Summary: Researchers found functional and anatomical differences in the brains of people who are more likely to embark on risky behaviors.
Source: University of Zurich
Risky behaviors such as smoking, alcohol and drug use, speeding, or frequently changing sexual partners result in enormous health and economic consequences and lead to associated costs of an estimated 600 billion dollars a year in the US alone. In order to define measures that could reduce these costs, a better understanding of the basis and mechanisms of risk-taking is needed.
Functional and anatomical differences
UZH neuro-economists Goekhan Aydogan, Todd Hare and Christian Ruff, together with an international research team looked at the genetic characteristics that correlate with risk-taking behavior. Using a representative sample of 25,000 people, the researchers examined the relationship between individual differences in brain anatomy and the propensity to engage in risky behavior. “We found both functional and anatomical differences,” says Goekhan Aydogan.
Various areas of the brain involved
Specific characteristics were found in several areas of the brain: In the hypothalamus, where the release of hormones (such as orexin, oxytocin and dopamine) controls the vegetative functions of the body; in the hippocampus, which is essential for storing memories; in the dorsolateral prefrontal cortex, which plays an important role in self-control and cognitive deliberation; in the amygdala, which controls, among other things, the emotional reaction to danger; and in the ventral striatum, which is activated when processing rewards.
The researchers were surprised by the measurable anatomical differences they discovered in the cerebellum, an area that is not usually included in studies of risk behaviors on the assumption that it is mainly involved in fine motor functions. In recent years, however, significant doubts have been raised about this hypothesis – doubts which are now backed by the current study.
“It appears that the cerebellum does after all play an important role in decision-making processes such as risk-taking behavior,” confirms Aydogan. “In the brains of more risk-tolerant individuals, we found less gray matter in these areas. How this gray matter affects behavior, however, still needs to be studied further.”
Several influencing factors studied in combination for the first time
The study breaks new ground in several regards. It is the first time that the foundations of risk-taking behavior have been investigated with such a large and representative sample. It is also the first study to examine possible influencing factors – genetic predisposition and differences in anatomy and function of brain areas – in combination rather than in isolation. At present, it is still unclear to what extent the connection between genetic disposition and neurobiological expression is causal, stresses Aydogan: “How exactly the interplay of environment and genes determines risk-taking requires further research.”

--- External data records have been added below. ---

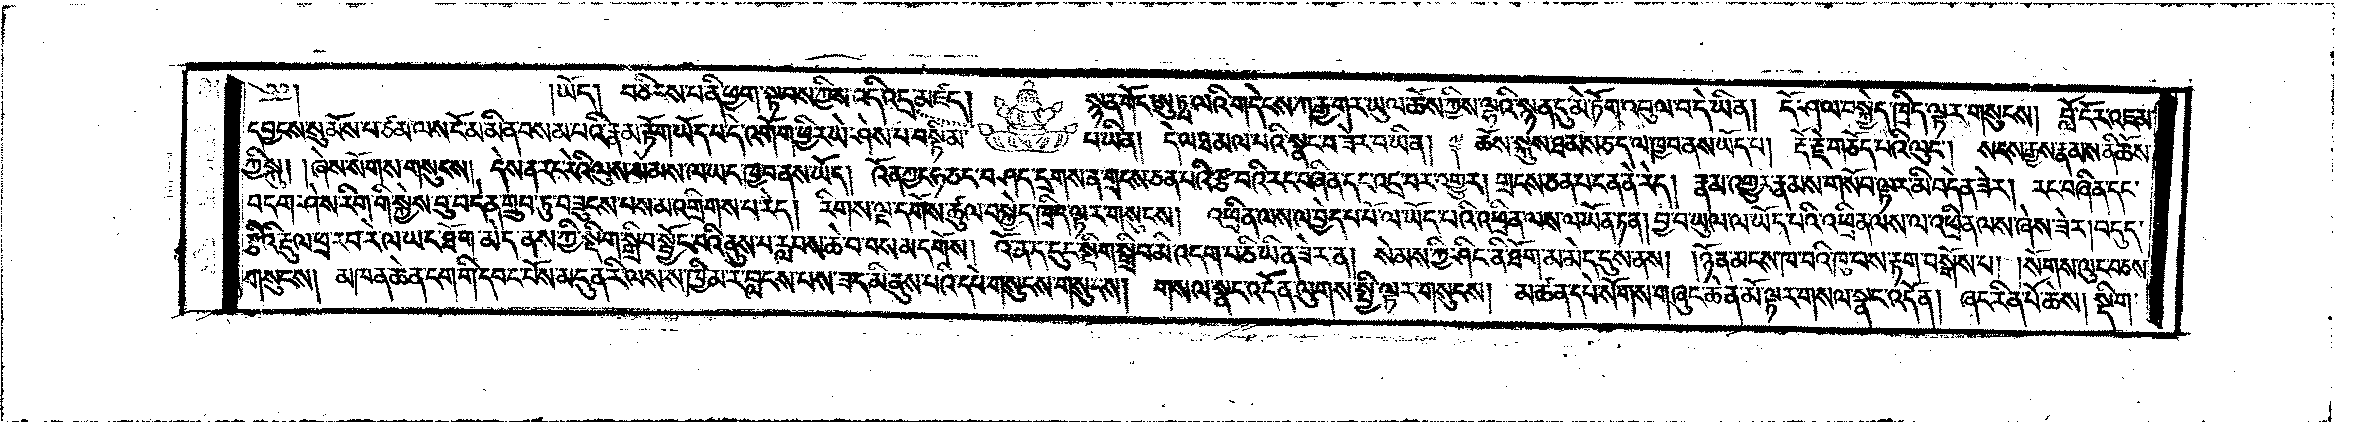༄༅། །ཡོད། བཅིངས་པ་ནི་ཕྱག་སྟབས་ཀྱིས་འདི་འདྲ་པ་ཡིན།  སྙན་གོང་ཨུཏྤལ་ལའི་གདེངས་ཀ་རྒྱ་གར་ཡུལ་ཆོས་ཀྱིས་ལྷའི་སྙན་དུ་མེ་ཏོག་འབུལ་བ་དེ་ཡིན། དོ་ཤལ་བསྐྱེད་ཁྲིད་ལྟར་གསུངས། བློ་ངོར་འཇམ་
དབྱངས་སུ་མོས་པ་ཙམ་ལས་ངོ་མ་མིན་བསམ་པའི་རྣམ་རྟོག་ཡོད་པ་དེ་འགོག་ཕྱིར་ཡེ་ཤེས་པ་བསྟིམ་པ་ཡིན། དེ་ལ་ཐ་མལ་པའི་སྣང་བ་ཟེར་བ་ཡིན། ༈ ཆོས་སྐུས་ཐམས་ཅད་ལ་ཁྱབ་ནས་ཡོད་པ། རྡོ་རྗེ་གཅོད་པའི་ལུང་། སངས་རྒྱས་རྣམས་ནི་ཆོས་
ཀྱི་སྐུ། །ཞེས་སོགས་གསུངས། དེས་ན་རང་རེའི་ལུས་སེམས་ལ་ཡང་ཁྱབ་ནས་ཡོད། འོན་ཀྱང་ཧ་ཅང་བཤད་དྲགས་ན་གྲངས་ཅན་པའི་རྩ་བའི་རང་བཞིན་དང་འདྲ་བར་འགྱུར། གྲངས་ཅན་པ་ངན་ནེ་རེད། རྣམ་འགྱུར་རྣམས་གསོབ་ལྟར་མི་བདེན་ཟེར། རང་བཞིན་དང་
བདག་ཤེས་རིག་གི་སྐྱེས་བུ་བདེན་གྲུབ་ཏུ་བཟུངས་པས་མ་འགྲིགས་པ་རེད། རིགས་ལྔ་དགོས་ཚུལ་བསྐྱེད་ཁྲིད་ལྟར་གསུངས། འཕྲིན་ལས་ལ་བྱེད་པ་པོ་ལ་ཡོད་པའི་འཕྲིན་ལས་ལ་ཡོན་ཏན། བྱ་བ་ཡུལ་ལ་ཡོད་པའི་འཕྲིན་ལས་ལ་འཕྲིན་ལས་ཞེས་ཟེར། བདུད་
རྩེའི་རྡུལ་ཕྲ་རབ་རེ་ལ་ཡང་ཐོག་མེད་ནས་ཀྱི་སྡིག་སྒྲིབ་སྦྱོང་བའི་ནུས་པ་རླབས་ཆེ་བ་བསམ་དགོས། འོ་ན་ད་དུང་སྡིག་སྒྲིབ་མི་འདག་པ་ཅི་ཡིན་ཟེར་ན། སེམས་ཀྱི་ཤིང་ནི་ཐོག་མ་མེད་དུས་ནས། །ཉོན་མོངས་ཁ་བའི་ཁུ་བས་རྟག་བསྒོས་པ། །སོགས་ལུང་བཅས་
གསུངས། མཁན་ཆེན་ངག་གི་དབང་པོས་མདུན་རི་ལས་ས་ཁྱིམ་ར་བླངས་པས་ཟད་མི་ནུས་པའི་དཔེ་གསུངས་གསུངས། གསལ་སྣང་འདོན་ལུགས་སྤྱི་ལྟར་གསུངས། མཚན་དཔེ་སོགས་གཞུང་ཆེན་མོ་ལྟར་གསལ་སྣང་འདོན། ཞང་རིན་པོ་ཆེས། སྡིག་

About this behavioral neuroscience research news
Source: University of Zurich
Contact: Goekhan Aydogan – University of Zurich
Image: The image is in the public domain
Original Research: Closed access.
“Genetic underpinnings of risky behaviour relate to altered neuroanatomy” by Gökhan Aydogan, Remi Daviet, Richard Karlsson Linnér, Todd A. Hare, Joseph W. Kable, Henry R. Kranzler, Reagan R. Wetherill, Christian C. Ruff, Philipp D. Koellinger, BIG BEAR Consortium & Gideon Nave. Nature Human Behavior
Genetic underpinnings of risky behaviour relate to altered neuroanatomy
Previous research points to the heritability of risk-taking behaviour. However, evidence on how genetic dispositions are translated into risky behaviour is scarce. Here, we report a genetically informed neuroimaging study of real-world risky behaviour across the domains of drinking, smoking, driving and sexual behaviour in a European sample from the UK Biobank (N = 12,675). We find negative associations between risky behaviour and grey-matter volume in distinct brain regions, including amygdala, ventral striatum, hypothalamus and dorsolateral prefrontal cortex (dlPFC). These effects are replicated in an independent sample recruited from the same population (N = 13,004). Polygenic risk scores for risky behaviour, derived from a genome-wide association study in an independent sample (N = 297,025), are inversely associated with grey-matter volume in dlPFC, putamen and hypothalamus. This relation mediates roughly 2.2% of the association between genes and behaviour. Our results highlight distinct heritable neuroanatomical features as manifestations of the genetic propensity for risk taking.